Question

A stone moving vertically upwards has its equation of motion $h = 490t – 4.9 {t^2}$. The maximum height reached by the stone is
1) 12250
2) 1225
3) 36750
4) None of these

Answer 1

Hint: The second motion equation is written in symbolic form$s=ut+\dfrac{1}{2}a{{t}^{2}}$, where $s$is initial distance, $u$is initial velocity of an object,$a$ is the acceleration and t is the time taken by the object. Here in this given question height is considered to as initial distance.

Complete answer:
we know that second equation of motion is $s=ut+\dfrac{1}{2}a{{t}^{2}}$ and here in this question we consider maximum height of the stone as$h$.

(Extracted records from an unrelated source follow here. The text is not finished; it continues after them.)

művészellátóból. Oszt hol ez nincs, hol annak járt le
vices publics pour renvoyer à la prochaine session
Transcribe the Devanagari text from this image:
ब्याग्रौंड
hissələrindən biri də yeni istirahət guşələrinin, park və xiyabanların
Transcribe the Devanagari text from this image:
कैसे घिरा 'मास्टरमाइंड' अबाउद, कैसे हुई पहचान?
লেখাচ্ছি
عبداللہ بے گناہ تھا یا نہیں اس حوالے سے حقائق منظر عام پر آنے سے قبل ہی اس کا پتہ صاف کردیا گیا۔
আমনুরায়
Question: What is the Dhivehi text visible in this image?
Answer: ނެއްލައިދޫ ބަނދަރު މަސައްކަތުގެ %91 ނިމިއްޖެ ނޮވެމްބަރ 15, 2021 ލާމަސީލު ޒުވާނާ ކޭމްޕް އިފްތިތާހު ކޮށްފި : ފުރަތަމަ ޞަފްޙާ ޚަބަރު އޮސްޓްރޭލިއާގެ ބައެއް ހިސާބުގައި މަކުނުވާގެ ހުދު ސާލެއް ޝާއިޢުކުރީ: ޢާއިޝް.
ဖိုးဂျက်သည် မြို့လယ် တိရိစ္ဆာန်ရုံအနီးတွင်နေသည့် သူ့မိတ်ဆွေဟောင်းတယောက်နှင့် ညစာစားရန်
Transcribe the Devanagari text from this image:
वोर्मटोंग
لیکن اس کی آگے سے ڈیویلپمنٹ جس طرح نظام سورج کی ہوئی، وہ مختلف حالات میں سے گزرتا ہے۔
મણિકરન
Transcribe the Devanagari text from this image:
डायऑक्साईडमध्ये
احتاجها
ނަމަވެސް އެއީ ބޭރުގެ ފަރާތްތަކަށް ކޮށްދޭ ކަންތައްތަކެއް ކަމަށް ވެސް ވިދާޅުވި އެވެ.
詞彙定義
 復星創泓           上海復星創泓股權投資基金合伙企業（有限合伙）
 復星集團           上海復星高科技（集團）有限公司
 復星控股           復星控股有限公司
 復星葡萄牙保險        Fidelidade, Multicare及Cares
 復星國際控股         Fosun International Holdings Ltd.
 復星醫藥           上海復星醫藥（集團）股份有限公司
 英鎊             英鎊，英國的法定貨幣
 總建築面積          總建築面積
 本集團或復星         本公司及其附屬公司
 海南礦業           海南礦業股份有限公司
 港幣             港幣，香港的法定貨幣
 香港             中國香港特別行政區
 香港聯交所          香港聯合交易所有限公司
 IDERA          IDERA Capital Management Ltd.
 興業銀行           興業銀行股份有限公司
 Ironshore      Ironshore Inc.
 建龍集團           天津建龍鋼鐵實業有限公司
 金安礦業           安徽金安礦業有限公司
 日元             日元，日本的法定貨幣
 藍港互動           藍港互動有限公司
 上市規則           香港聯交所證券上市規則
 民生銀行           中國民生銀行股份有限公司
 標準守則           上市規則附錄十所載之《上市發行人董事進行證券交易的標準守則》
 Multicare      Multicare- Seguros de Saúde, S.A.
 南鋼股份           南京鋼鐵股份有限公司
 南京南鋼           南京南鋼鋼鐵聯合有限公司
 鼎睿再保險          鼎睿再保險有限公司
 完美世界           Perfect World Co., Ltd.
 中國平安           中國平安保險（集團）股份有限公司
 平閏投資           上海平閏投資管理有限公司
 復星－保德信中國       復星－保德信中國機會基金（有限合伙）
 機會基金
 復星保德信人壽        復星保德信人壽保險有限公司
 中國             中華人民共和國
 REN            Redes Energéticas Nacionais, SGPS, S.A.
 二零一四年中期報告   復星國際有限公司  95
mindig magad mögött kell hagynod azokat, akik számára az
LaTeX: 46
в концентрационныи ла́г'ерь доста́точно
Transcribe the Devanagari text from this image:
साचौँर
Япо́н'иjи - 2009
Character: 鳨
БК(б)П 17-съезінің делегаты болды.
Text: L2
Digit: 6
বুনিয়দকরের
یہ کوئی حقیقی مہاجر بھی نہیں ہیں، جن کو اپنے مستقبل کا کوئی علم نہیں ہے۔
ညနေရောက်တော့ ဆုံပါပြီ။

Given, equation given in this question is$h=490t-4.9{{t}^{2}}$. From this we can derive the value of $u$ and $a$ by comparing second equation of motion and the given equation in the question.
$u=490$ And $a=-9.8$.

Now, putting these value in the third equation of motion that is ${{v}^{2}}-{{u}^{2}}=2as$
For maximum height, $v=o$ thus from the third equation of motion
${{v}^{2}}-{{u}^{2}}=2as$

putting values of which we have derived from the first equation of motion given above
$u=490$ And $a=-9.8$.

And in the place of $s$ in the third equation of motion we will put which is $h$maximum height reached by the stone.
${{0}^{2}}-{{490}^{2}}=2(-9.8)h$
$-{{(490)}^{2}}=-19.6h$
$h={{(490)}^{2}}/19.6$
$h=12,250m$

Therefore the maximum height at which stone can reach will be 12,250 meters. Option (1) is the correct answer for this question.

Note: For tackling above answered question we need to be well versed in the concepts of equation of motion and how these equation derived from it. Deriving a value from one equation and putting it in to other should be done with proper caution to get the desired result.